Oxidative stress in Down SyndromeZafrilla P1, Cerda B1, Soler A1, Xandri JM2, Martinez-Cachá A1 and Mulero J1*
- *Corresponding Author:
- Mulero J
Department of Food Technology and Nutrition
Catholic University of San Antonio, Murcia 30107, Spain
E-mail: [email protected]
Received date: May 28, 2014; Accepted date:July 14, 2014; Published date: July 30, 2014
Citation: Zafrilla P, Cerda B, Soler A, Xandri JM, Mulero J, et al. (2014) Oxidative stress in Down Syndrome. J Genet Syndr Gene Ther 5:232. doi:10.4172/2157-7412.1000232
Copyright: © 2014 Zafrilla P, et al. This is an open-access article distributed under the terms of the Creative Commons Attribution License, which permits unrestricted use, distribution, and reproduction in any medium, provided the original author and source are credited.

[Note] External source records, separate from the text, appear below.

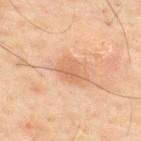biopsy_status: not biopsied; imaged during a skin examination
image:
  source: total-body photography crop
  field_of_view_mm: 15
automated_metrics:
  color_variation_0_10: 2.0
  peripheral_color_asymmetry: 1.0
site: upper back
lighting: cross-polarized
patient:
  sex: male
  age_approx: 60
lesion_size:
  long_diameter_mm_approx: 3.0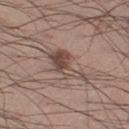Notes:
• workup: catalogued during a skin exam; not biopsied
• lighting: white-light illumination
• subject: male, roughly 55 years of age
• image source: ~15 mm crop, total-body skin-cancer survey
• lesion diameter: ≈5 mm
• location: the right thigh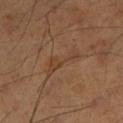Acquisition and patient details:
The tile uses cross-polarized illumination. Longest diameter approximately 4.5 mm. Located on the left lower leg. The subject is a male aged 53 to 57. Cropped from a total-body skin-imaging series; the visible field is about 15 mm.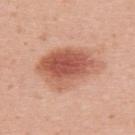Case summary:
- biopsy status — imaged on a skin check; not biopsied
- image-analysis metrics — an average lesion color of about L≈57 a*≈26 b*≈31 (CIELAB), about 14 CIELAB-L* units darker than the surrounding skin, and a lesion-to-skin contrast of about 9 (normalized; higher = more distinct); a border-irregularity rating of about 2.5/10 and radial color variation of about 2
- illumination — white-light illumination
- lesion size — ≈7.5 mm
- body site — the upper back
- patient — female, aged around 30
- image — total-body-photography crop, ~15 mm field of view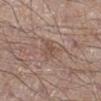Part of a total-body skin-imaging series; this lesion was reviewed on a skin check and was not flagged for biopsy. The lesion is located on the right lower leg. A close-up tile cropped from a whole-body skin photograph, about 15 mm across. This is a white-light tile. Longest diameter approximately 3 mm. Automated tile analysis of the lesion measured a footprint of about 5 mm², an eccentricity of roughly 0.75, and a symmetry-axis asymmetry near 0.4. And it measured a lesion color around L≈51 a*≈17 b*≈25 in CIELAB and about 7 CIELAB-L* units darker than the surrounding skin. It also reported a border-irregularity index near 4/10 and internal color variation of about 1.5 on a 0–10 scale. The analysis additionally found a classifier nevus-likeness of about 0/100 and a detector confidence of about 100 out of 100 that the crop contains a lesion. A male patient aged 53–57.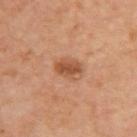Clinical impression: This lesion was catalogued during total-body skin photography and was not selected for biopsy. Acquisition and patient details: Located on the upper back. A male patient approximately 65 years of age. This is a cross-polarized tile. The recorded lesion diameter is about 3.5 mm. This image is a 15 mm lesion crop taken from a total-body photograph.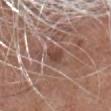Impression: Recorded during total-body skin imaging; not selected for excision or biopsy. Acquisition and patient details: Measured at roughly 2.5 mm in maximum diameter. A male patient approximately 75 years of age. The lesion is located on the head or neck. The tile uses white-light illumination. Automated image analysis of the tile measured a mean CIELAB color near L≈45 a*≈20 b*≈24, about 10 CIELAB-L* units darker than the surrounding skin, and a normalized lesion–skin contrast near 8. And it measured a border-irregularity index near 2.5/10, a within-lesion color-variation index near 3/10, and radial color variation of about 1. Cropped from a whole-body photographic skin survey; the tile spans about 15 mm.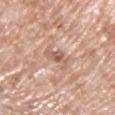This lesion was catalogued during total-body skin photography and was not selected for biopsy. An algorithmic analysis of the crop reported a lesion area of about 4.5 mm², an outline eccentricity of about 0.7 (0 = round, 1 = elongated), and a shape-asymmetry score of about 0.35 (0 = symmetric). And it measured an average lesion color of about L≈59 a*≈19 b*≈28 (CIELAB), roughly 10 lightness units darker than nearby skin, and a normalized border contrast of about 6.5. It also reported a border-irregularity index near 4.5/10, a within-lesion color-variation index near 3/10, and radial color variation of about 0.5. A close-up tile cropped from a whole-body skin photograph, about 15 mm across. The lesion's longest dimension is about 2.5 mm. The lesion is on the left upper arm. The patient is a male aged approximately 70.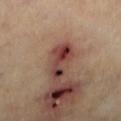Q: Was a biopsy performed?
A: imaged on a skin check; not biopsied
Q: What is the imaging modality?
A: ~15 mm tile from a whole-body skin photo
Q: Who is the patient?
A: about 60 years old
Q: What is the anatomic site?
A: the leg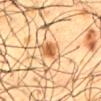Notes:
• workup: no biopsy performed (imaged during a skin exam)
• subject: male, in their 60s
• lesion diameter: about 3 mm
• lighting: cross-polarized
• automated lesion analysis: a mean CIELAB color near L≈49 a*≈19 b*≈34 and roughly 11 lightness units darker than nearby skin
• imaging modality: total-body-photography crop, ~15 mm field of view
• anatomic site: the back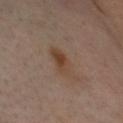The lesion was photographed on a routine skin check and not biopsied; there is no pathology result. The lesion's longest dimension is about 4 mm. The total-body-photography lesion software estimated an average lesion color of about L≈42 a*≈16 b*≈28 (CIELAB) and about 7 CIELAB-L* units darker than the surrounding skin. And it measured a nevus-likeness score of about 60/100 and a detector confidence of about 100 out of 100 that the crop contains a lesion. From the head or neck. The tile uses cross-polarized illumination. A male patient, about 55 years old. A roughly 15 mm field-of-view crop from a total-body skin photograph.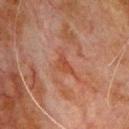workup = catalogued during a skin exam; not biopsied | patient = male, about 80 years old | size = ~2.5 mm (longest diameter) | anatomic site = the chest | tile lighting = cross-polarized | imaging modality = ~15 mm tile from a whole-body skin photo.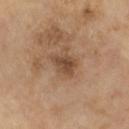Clinical impression: Recorded during total-body skin imaging; not selected for excision or biopsy. Acquisition and patient details: A male subject, aged around 65. Cropped from a whole-body photographic skin survey; the tile spans about 15 mm. Imaged with cross-polarized lighting. The recorded lesion diameter is about 3.5 mm.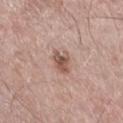Acquisition and patient details:
A 15 mm crop from a total-body photograph taken for skin-cancer surveillance. The patient is a male aged approximately 75. The lesion-visualizer software estimated an area of roughly 5 mm², a shape eccentricity near 0.8, and two-axis asymmetry of about 0.3. It also reported a mean CIELAB color near L≈54 a*≈20 b*≈25 and a normalized border contrast of about 8. And it measured a border-irregularity rating of about 3.5/10, a color-variation rating of about 4/10, and peripheral color asymmetry of about 1. And it measured a nevus-likeness score of about 75/100. Approximately 3 mm at its widest. From the right thigh.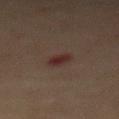Q: Was this lesion biopsied?
A: imaged on a skin check; not biopsied
Q: What is the lesion's diameter?
A: about 2.5 mm
Q: What is the imaging modality?
A: 15 mm crop, total-body photography
Q: Where on the body is the lesion?
A: the back
Q: What are the patient's age and sex?
A: female, in their 70s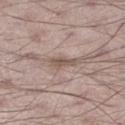- biopsy status: total-body-photography surveillance lesion; no biopsy
- imaging modality: total-body-photography crop, ~15 mm field of view
- patient: male, in their 70s
- lighting: white-light illumination
- location: the right thigh
- size: ~2.5 mm (longest diameter)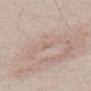{
  "biopsy_status": "not biopsied; imaged during a skin examination",
  "image": {
    "source": "total-body photography crop",
    "field_of_view_mm": 15
  },
  "site": "abdomen",
  "lesion_size": {
    "long_diameter_mm_approx": 1.5
  },
  "automated_metrics": {
    "area_mm2_approx": 1.0,
    "eccentricity": 0.9,
    "shape_asymmetry": 0.3,
    "color_variation_0_10": 0.0,
    "peripheral_color_asymmetry": 0.0,
    "nevus_likeness_0_100": 0,
    "lesion_detection_confidence_0_100": 100
  },
  "patient": {
    "sex": "male",
    "age_approx": 50
  }
}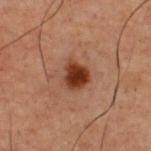An algorithmic analysis of the crop reported a lesion area of about 7 mm². The recorded lesion diameter is about 3.5 mm. This is a cross-polarized tile. Located on the front of the torso. Cropped from a total-body skin-imaging series; the visible field is about 15 mm. A male subject, aged 58 to 62.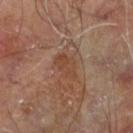biopsy status: no biopsy performed (imaged during a skin exam) | lighting: cross-polarized illumination | image: 15 mm crop, total-body photography | body site: the left lower leg | automated metrics: a lesion area of about 6 mm² and a shape-asymmetry score of about 0.25 (0 = symmetric); internal color variation of about 2.5 on a 0–10 scale and radial color variation of about 1 | patient: male, aged around 70 | diameter: ≈4 mm.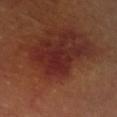Impression:
This lesion was catalogued during total-body skin photography and was not selected for biopsy.
Clinical summary:
An algorithmic analysis of the crop reported internal color variation of about 2 on a 0–10 scale and peripheral color asymmetry of about 0.5. A close-up tile cropped from a whole-body skin photograph, about 15 mm across. On the right upper arm. A male patient approximately 65 years of age. Imaged with cross-polarized lighting. Approximately 4 mm at its widest.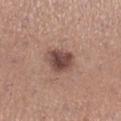notes: total-body-photography surveillance lesion; no biopsy
body site: the right lower leg
size: ≈4 mm
acquisition: total-body-photography crop, ~15 mm field of view
patient: female, aged around 30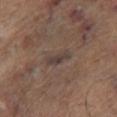This lesion was catalogued during total-body skin photography and was not selected for biopsy.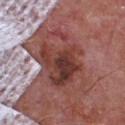Longest diameter approximately 8 mm.
Located on the chest.
A male patient, aged 63–67.
Cropped from a total-body skin-imaging series; the visible field is about 15 mm.
Captured under white-light illumination.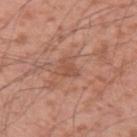notes = no biopsy performed (imaged during a skin exam) | image-analysis metrics = a lesion–skin lightness drop of about 7 and a normalized lesion–skin contrast near 5 | subject = male, aged around 40 | site = the arm | diameter = about 2.5 mm | tile lighting = white-light | image = ~15 mm tile from a whole-body skin photo.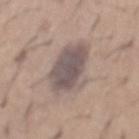Clinical impression:
Imaged during a routine full-body skin examination; the lesion was not biopsied and no histopathology is available.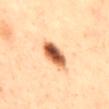Recorded during total-body skin imaging; not selected for excision or biopsy. Longest diameter approximately 4 mm. A male patient aged 48–52. This is a cross-polarized tile. The lesion is located on the mid back. A region of skin cropped from a whole-body photographic capture, roughly 15 mm wide.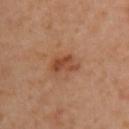The lesion was tiled from a total-body skin photograph and was not biopsied.
An algorithmic analysis of the crop reported a lesion area of about 5 mm², an outline eccentricity of about 0.8 (0 = round, 1 = elongated), and a symmetry-axis asymmetry near 0.35. And it measured a nevus-likeness score of about 45/100 and a lesion-detection confidence of about 100/100.
Cropped from a total-body skin-imaging series; the visible field is about 15 mm.
A female patient in their 60s.
Approximately 3.5 mm at its widest.
This is a cross-polarized tile.
From the right upper arm.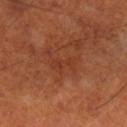Part of a total-body skin-imaging series; this lesion was reviewed on a skin check and was not flagged for biopsy.
A close-up tile cropped from a whole-body skin photograph, about 15 mm across.
A male subject roughly 70 years of age.
The lesion is on the right lower leg.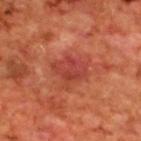Recorded during total-body skin imaging; not selected for excision or biopsy. A roughly 15 mm field-of-view crop from a total-body skin photograph. The patient is a male about 70 years old. The lesion is on the upper back. About 3.5 mm across. An algorithmic analysis of the crop reported a lesion area of about 9 mm² and a shape eccentricity near 0.6. The software also gave roughly 8 lightness units darker than nearby skin and a normalized border contrast of about 6.5. The analysis additionally found a color-variation rating of about 3.5/10 and radial color variation of about 1. The analysis additionally found a classifier nevus-likeness of about 85/100 and lesion-presence confidence of about 100/100. The tile uses cross-polarized illumination.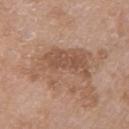Notes:
* image source · ~15 mm tile from a whole-body skin photo
* patient · female, roughly 70 years of age
* lesion diameter · ≈7.5 mm
* location · the left upper arm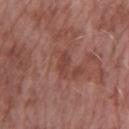No biopsy was performed on this lesion — it was imaged during a full skin examination and was not determined to be concerning. A female subject, aged around 60. An algorithmic analysis of the crop reported a mean CIELAB color near L≈43 a*≈24 b*≈25. The software also gave a border-irregularity rating of about 3.5/10, a color-variation rating of about 1/10, and peripheral color asymmetry of about 0.5. Cropped from a whole-body photographic skin survey; the tile spans about 15 mm. From the arm. About 3 mm across. The tile uses white-light illumination.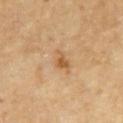Case summary:
• image: ~15 mm crop, total-body skin-cancer survey
• lighting: cross-polarized illumination
• body site: the back
• subject: male, in their mid- to late 80s or older
• automated metrics: a lesion color around L≈55 a*≈20 b*≈39 in CIELAB, about 9 CIELAB-L* units darker than the surrounding skin, and a normalized border contrast of about 7; lesion-presence confidence of about 100/100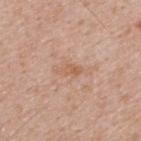Case summary:
• notes · no biopsy performed (imaged during a skin exam)
• imaging modality · total-body-photography crop, ~15 mm field of view
• diameter · ~3 mm (longest diameter)
• subject · male, in their 40s
• site · the upper back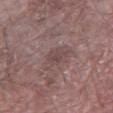biopsy status — imaged on a skin check; not biopsied
image — ~15 mm crop, total-body skin-cancer survey
patient — male, roughly 85 years of age or older
location — the right forearm
TBP lesion metrics — a lesion area of about 3.5 mm², a shape eccentricity near 0.7, and a shape-asymmetry score of about 0.25 (0 = symmetric); a lesion–skin lightness drop of about 7 and a lesion-to-skin contrast of about 5.5 (normalized; higher = more distinct); an automated nevus-likeness rating near 0 out of 100 and lesion-presence confidence of about 95/100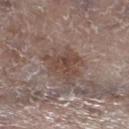<case>
  <biopsy_status>not biopsied; imaged during a skin examination</biopsy_status>
  <patient>
    <sex>female</sex>
    <age_approx>85+</age_approx>
  </patient>
  <automated_metrics>
    <area_mm2_approx>13.0</area_mm2_approx>
    <eccentricity>0.5</eccentricity>
    <cielab_L>46</cielab_L>
    <cielab_a>16</cielab_a>
    <cielab_b>23</cielab_b>
    <vs_skin_darker_L>8.0</vs_skin_darker_L>
    <vs_skin_contrast_norm>7.0</vs_skin_contrast_norm>
  </automated_metrics>
  <image>
    <source>total-body photography crop</source>
    <field_of_view_mm>15</field_of_view_mm>
  </image>
  <site>leg</site>
  <lighting>white-light</lighting>
  <lesion_size>
    <long_diameter_mm_approx>4.5</long_diameter_mm_approx>
  </lesion_size>
</case>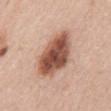Assessment: The lesion was tiled from a total-body skin photograph and was not biopsied. Clinical summary: The total-body-photography lesion software estimated a lesion area of about 20 mm², a shape eccentricity near 0.7, and two-axis asymmetry of about 0.15. A region of skin cropped from a whole-body photographic capture, roughly 15 mm wide. The lesion's longest dimension is about 6 mm. A female patient, in their 40s. The lesion is on the mid back.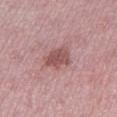<tbp_lesion>
<biopsy_status>not biopsied; imaged during a skin examination</biopsy_status>
<patient>
  <sex>female</sex>
  <age_approx>45</age_approx>
</patient>
<lesion_size>
  <long_diameter_mm_approx>3.5</long_diameter_mm_approx>
</lesion_size>
<site>leg</site>
<image>
  <source>total-body photography crop</source>
  <field_of_view_mm>15</field_of_view_mm>
</image>
<lighting>white-light</lighting>
</tbp_lesion>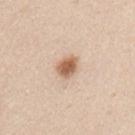A lesion tile, about 15 mm wide, cut from a 3D total-body photograph.
A male patient about 45 years old.
Measured at roughly 3 mm in maximum diameter.
Captured under white-light illumination.
The lesion is on the chest.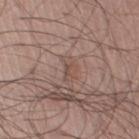Assessment: The lesion was tiled from a total-body skin photograph and was not biopsied. Image and clinical context: Imaged with white-light lighting. A 15 mm crop from a total-body photograph taken for skin-cancer surveillance. Located on the left lower leg. About 3 mm across. A male subject, about 45 years old. Automated tile analysis of the lesion measured about 7 CIELAB-L* units darker than the surrounding skin. The software also gave an automated nevus-likeness rating near 0 out of 100 and a detector confidence of about 75 out of 100 that the crop contains a lesion.

Objective: Down syndrome (DS) is the most common genetic cause of mental retardation, and affected individuals are more prone to infections, early senescence, Alzheimer`s disease and other anomalies. One of the principal characteristic of this pathology is the stress oxidative. Individuals with DS have increased susceptibility to oxidative stress. The objective of this study is evaluated the degree of oxidative stress in an adult population.
Methods: 17 individuals with Down syndrome, aged from 16 to 37 years, with a mean age of 24.3 ± 4.3 years, participated in the study. Were analyzed several biochemical parameters (glucose, urea, creatinine, uric acid, total proteins, albumin, total bilirubin, cholesterol, HDL-cholesterol, LDL-cholesterol, triglycerides, glutamic oxalacetic transaminase (GOT), glutamic-piruvic Transaminase (GPT), Alkaline phosphatase, gamma GT, lactate deshidrogenase (LDH), ferritin, saturation transferrin, transferrin, iron, ferritin, vitamin B12 and folic acid); haematological parameters (red blood cells, haemoglobin concentration, haematocrit, mean corpuscular volume, mean corpuscular haemoglobin, mean corpuscular haemoglobin concentration, platelets, mean platelet volume, leucocytes, neutrophils, lymphocytes, monocytes, eosinophils and basophils; selenium and zinc. The oxidation of proteins was analyzed by measuring the carbonyl groups in plasma; furthermore, it has measured the total antioxidant activity in plasma.
Results: There was statistically significant difference (p<0.05) between the values total antioxidant activity of individuals with DS (1.08 ± 0.18 mM Trolox/L) and control groups (0.84 ± 0.15 mM Trolox/L). The levels of protein carbonyls in individuals with DS (0.51 ± 0.09 nM/ mg protein) were significant higher than the levels of protein carbonyls in control groups (0.34 ± 0.03 nM/ mg protein).
Conclusions: These results provide direct evidence that the oxidative stress is increased in individuals with DS. Since oxidative protein damage reflects increased degenerative processes, this data agrees with the reported premature aging, the increased incidence of cataracts and early Alzheimer changes in DS. This opens the possibility that antioxidant nutrient supplementation might help to ameliorate the pathology of DS.